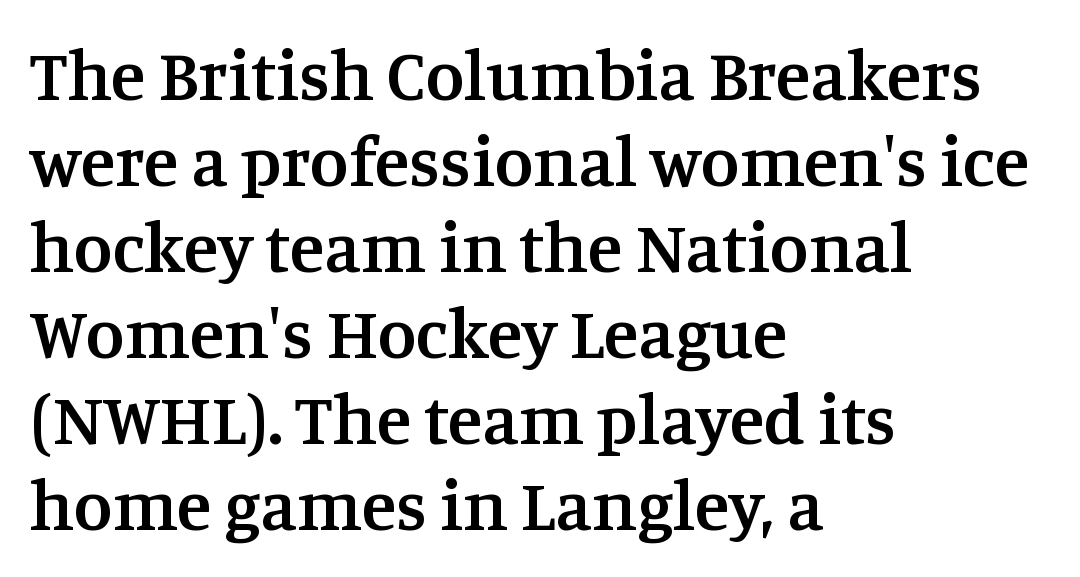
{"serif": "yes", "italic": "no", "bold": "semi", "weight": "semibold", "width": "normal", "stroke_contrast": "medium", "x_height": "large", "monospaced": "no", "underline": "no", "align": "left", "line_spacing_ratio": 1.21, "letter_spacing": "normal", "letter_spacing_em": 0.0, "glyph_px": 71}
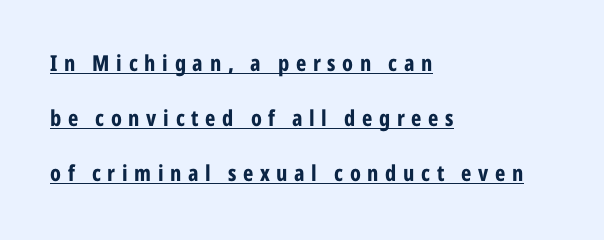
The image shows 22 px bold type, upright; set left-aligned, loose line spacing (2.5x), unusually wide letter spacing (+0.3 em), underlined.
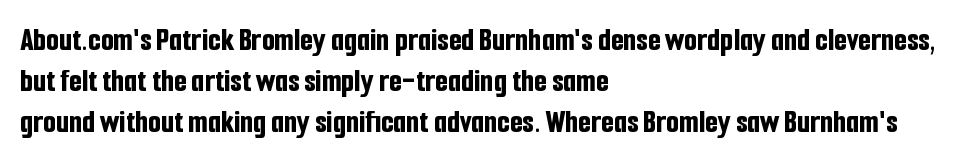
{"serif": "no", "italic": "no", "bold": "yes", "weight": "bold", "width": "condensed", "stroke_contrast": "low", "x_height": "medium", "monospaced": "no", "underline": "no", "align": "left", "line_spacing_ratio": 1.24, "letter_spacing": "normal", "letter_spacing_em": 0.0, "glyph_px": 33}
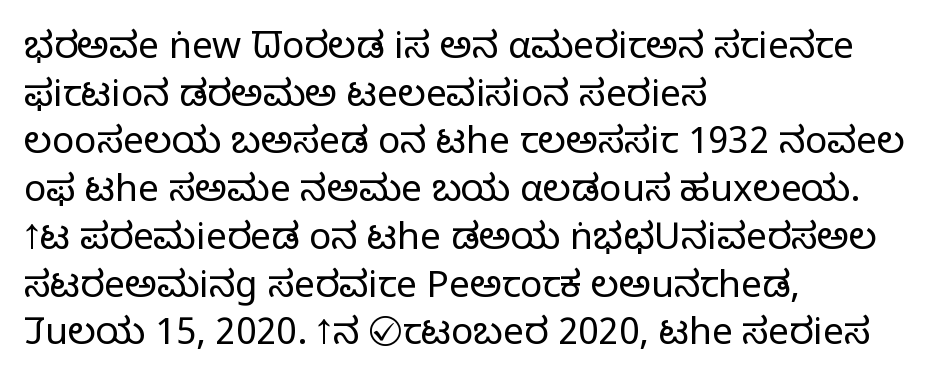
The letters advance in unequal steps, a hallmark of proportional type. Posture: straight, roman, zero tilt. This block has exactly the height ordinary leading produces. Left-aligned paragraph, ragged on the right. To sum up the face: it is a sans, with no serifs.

## Required work
All that is needed is the number of lines in the listing holding the word "type".

## Answer space
2